I watched the Tory leadership debate last night. I almost wish I had not. It was unedifying, and the BBC questioners failed to ask questions on Brexit, Rwanda and Northern Ireland but did allow far too much time on earrings, suits and the imagined failings of education in Leeds in the 1990s, which nonetheless got a deeply embittered Truss into Oxford.
Let me, however, concentrate on just one issue, which was the discussion on debt. Sunak claimed the UK credit card is maxed out, and it is deeply un-Conservative to borrow. The usual nonsense about grandchildren having to repay the debt was rolled out.
Truss argued instead that we could wait three years to start repaying our debt, but that she would start doing so then.
Both claims are nonsense. As regular readers will know I have been monitoring UK debt performance for years, most recently in June 2021.
As I showed then, Tories have borrowed vastly more than Labour since 1945, both absolutely and per year in office:
And when it comes to repaying debt, the Tories are dismal failures:
To put this in context, the Tories are the party of big borrowing, and when it comes to repayment of debt they have in 76 years repaid £22 billion - a sum less than the tax cust Truss now proposes.
On all counts, Labour is more prudent when it comes to borrowing and more consistent when it comes to repayment of debt than the Tories.

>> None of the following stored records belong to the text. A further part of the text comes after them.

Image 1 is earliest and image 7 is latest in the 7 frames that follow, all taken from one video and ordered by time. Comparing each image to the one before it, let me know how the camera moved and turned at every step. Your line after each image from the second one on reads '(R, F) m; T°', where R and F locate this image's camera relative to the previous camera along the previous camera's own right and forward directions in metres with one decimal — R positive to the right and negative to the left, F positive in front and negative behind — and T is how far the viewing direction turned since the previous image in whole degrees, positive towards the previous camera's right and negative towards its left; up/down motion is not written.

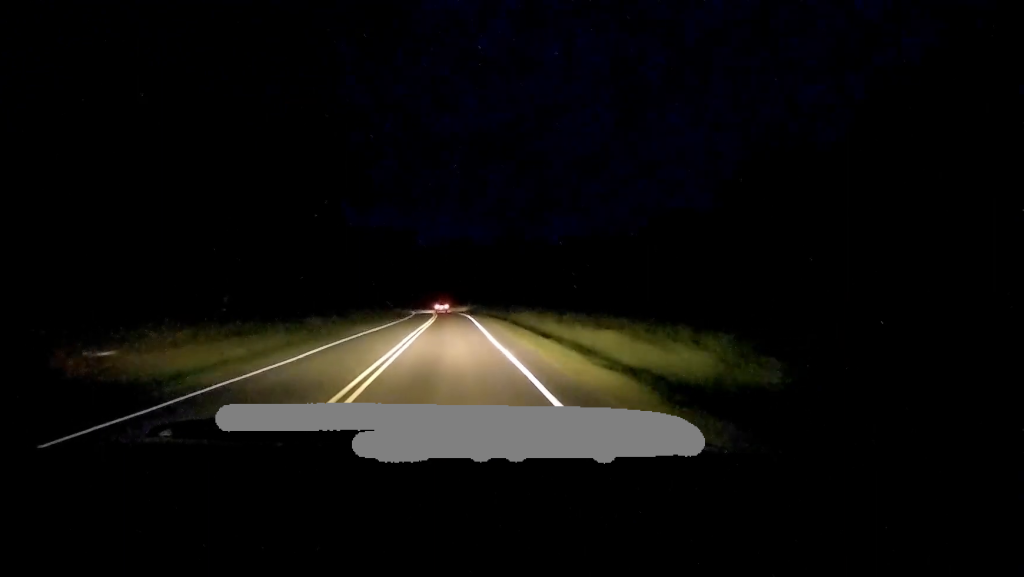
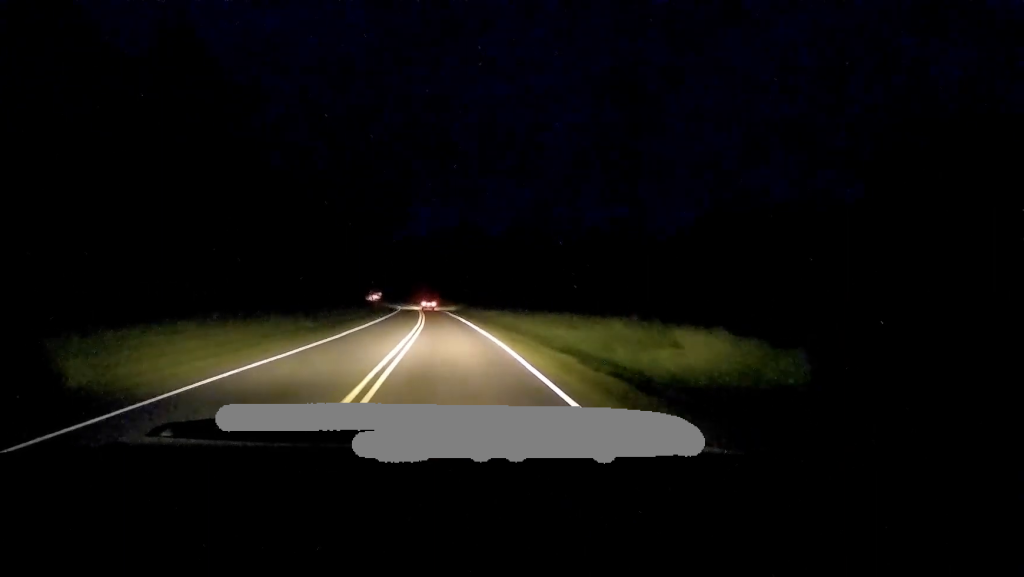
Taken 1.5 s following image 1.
(+0.8, +39.1) m; +1°
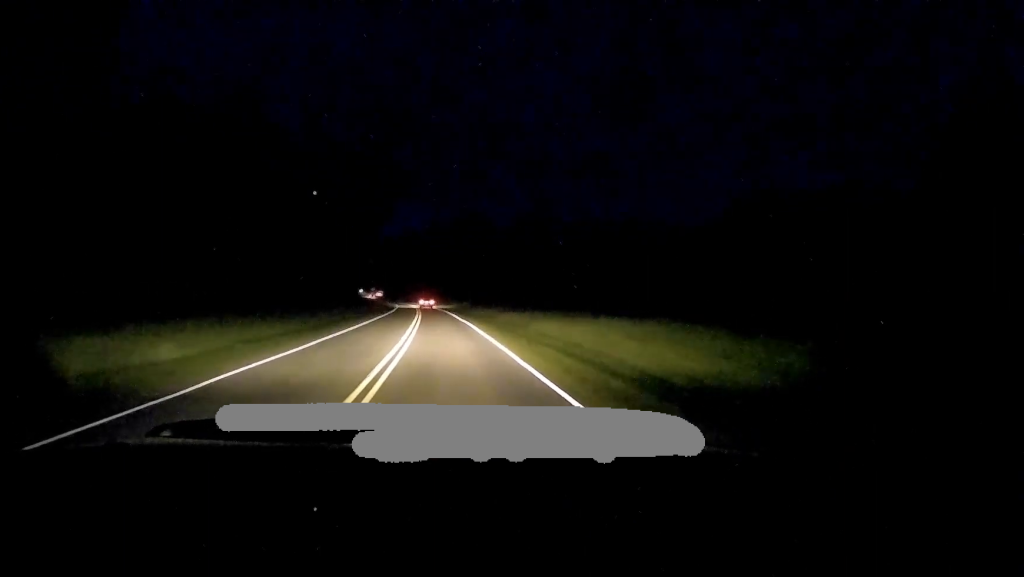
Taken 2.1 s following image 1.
(-0.4, +16.0) m; -1°
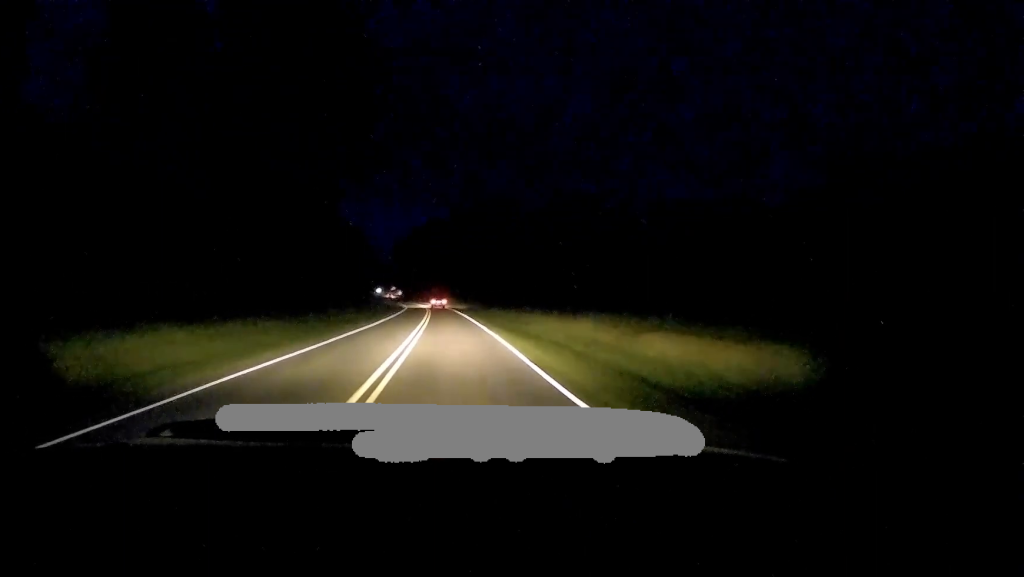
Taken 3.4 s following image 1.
(-0.4, +34.6) m; -1°
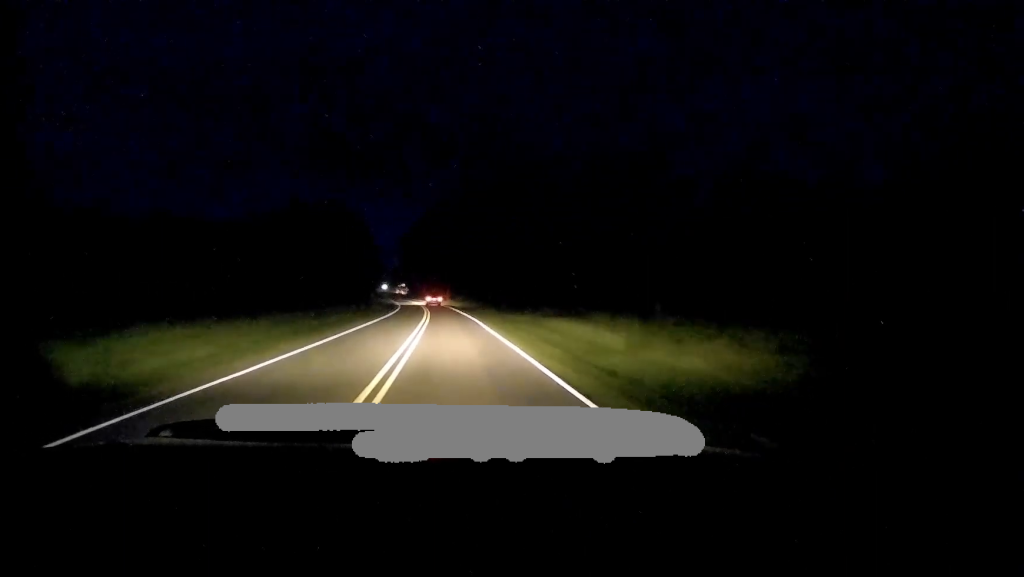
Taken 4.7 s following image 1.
(-0.3, +35.5) m; -2°
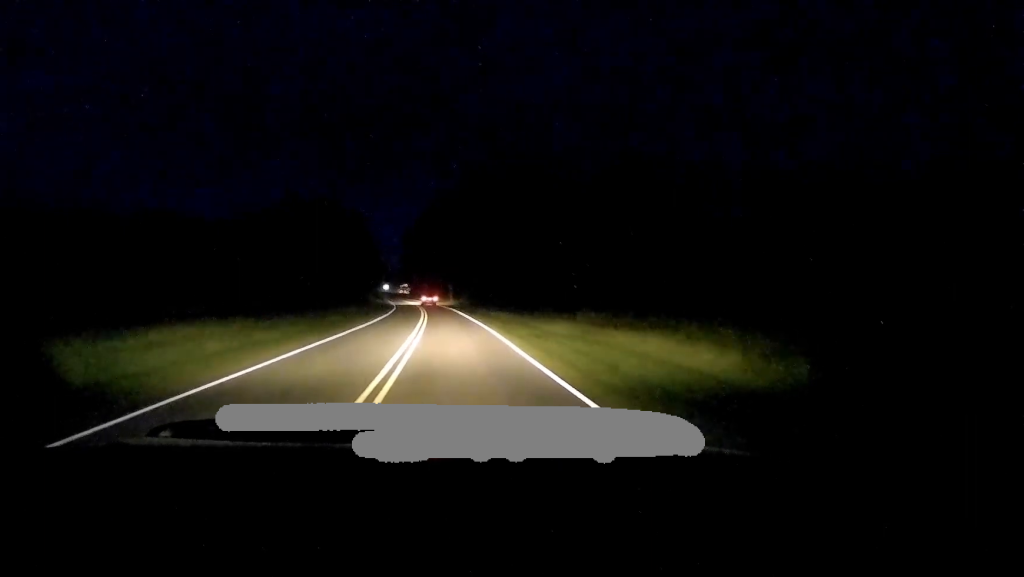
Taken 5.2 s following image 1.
(-0.4, +13.2) m; 0°
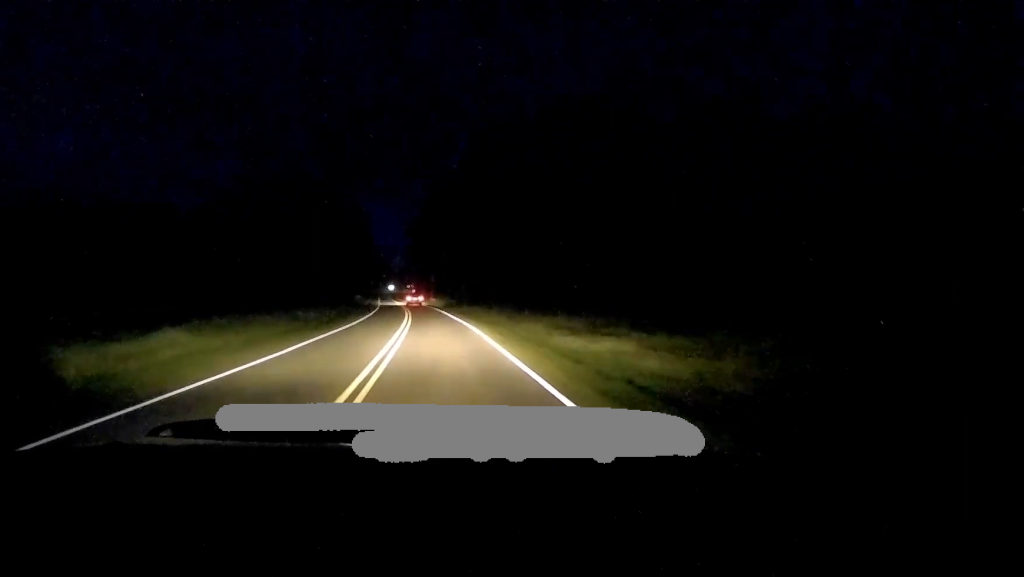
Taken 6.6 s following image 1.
(+0.5, +35.7) m; 0°

Truss and Sunak need to be careful: their claims are groundless when it comes to debt. The only thing they know about is borrowing.
Now I happen to have no problem with that. But they do. They'd be wise to shut up.

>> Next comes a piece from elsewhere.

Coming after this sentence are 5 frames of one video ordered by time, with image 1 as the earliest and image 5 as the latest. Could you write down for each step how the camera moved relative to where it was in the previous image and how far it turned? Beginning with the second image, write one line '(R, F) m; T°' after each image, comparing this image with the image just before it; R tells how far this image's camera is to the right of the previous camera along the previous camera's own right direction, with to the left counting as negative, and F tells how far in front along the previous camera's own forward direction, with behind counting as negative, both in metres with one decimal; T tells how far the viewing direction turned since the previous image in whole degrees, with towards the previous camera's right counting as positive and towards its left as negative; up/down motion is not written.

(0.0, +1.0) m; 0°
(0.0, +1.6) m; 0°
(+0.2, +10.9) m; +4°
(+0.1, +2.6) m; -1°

Thanks for reading this post.
You can share this post on social media of your choice by clicking these icons:
There are links to this blog's glossary in the above post that explain technical terms used in it. Follow them for more explanations.
You can subscribe to this blog's daily email here.

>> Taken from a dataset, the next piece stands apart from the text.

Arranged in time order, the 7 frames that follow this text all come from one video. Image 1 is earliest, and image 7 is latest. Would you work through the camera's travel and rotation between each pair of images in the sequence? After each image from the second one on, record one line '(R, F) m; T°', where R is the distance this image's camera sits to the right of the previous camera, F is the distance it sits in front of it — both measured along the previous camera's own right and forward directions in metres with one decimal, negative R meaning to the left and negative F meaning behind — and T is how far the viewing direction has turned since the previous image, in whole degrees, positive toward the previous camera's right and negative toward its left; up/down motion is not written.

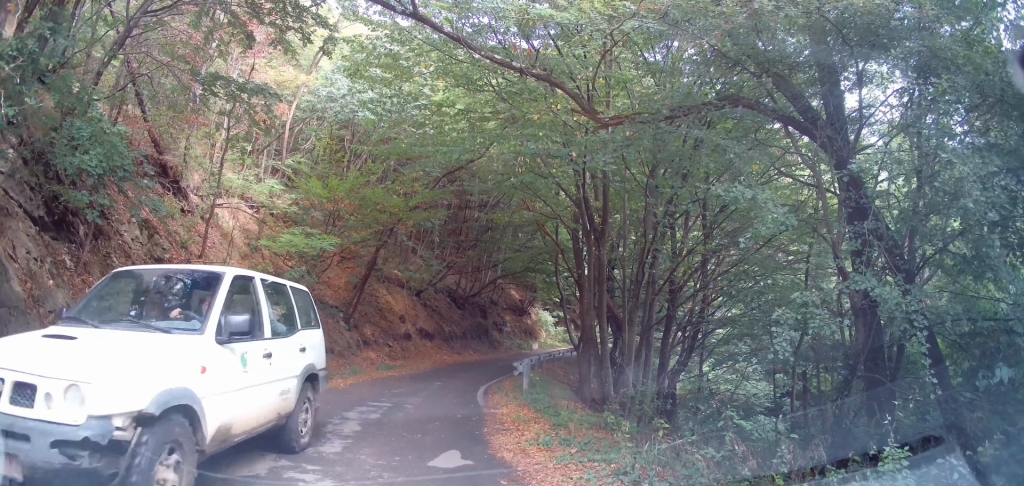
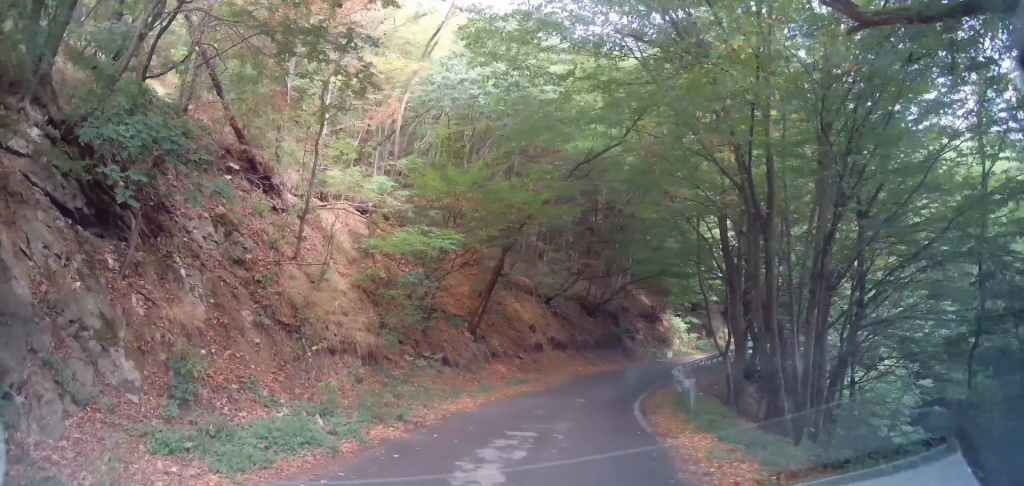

And if you would like to support this blog you can, here:
I see Sunak rolled out the phrase ‘unfunded borrowing ‘ again. Maybe they should have pushed him for a definition.
https://fullfact.org/news/bbc-conservative-leadership-debate-sunak-truss/
Full Fact on the case. Do you think they got it right?
Unlike you, I didn’t watch it. Couldn’t bring myself to.
Given the clams made were so weak it’s hard to fact check them, imo
It would be interesting to see those debt figure since 1979. After all, the modern Tory Party emerged with the election of Thatcher. What is their record of debt creation and repayment since then? The fact is, the Tories raid the magic money tree as and when it suits them to do so. It’s just that they waste the money (i.e. the track and trace fiddle) rather than use it productively (a comprehensive green energy plan) because they hate the idea of the state being seen as doing something good.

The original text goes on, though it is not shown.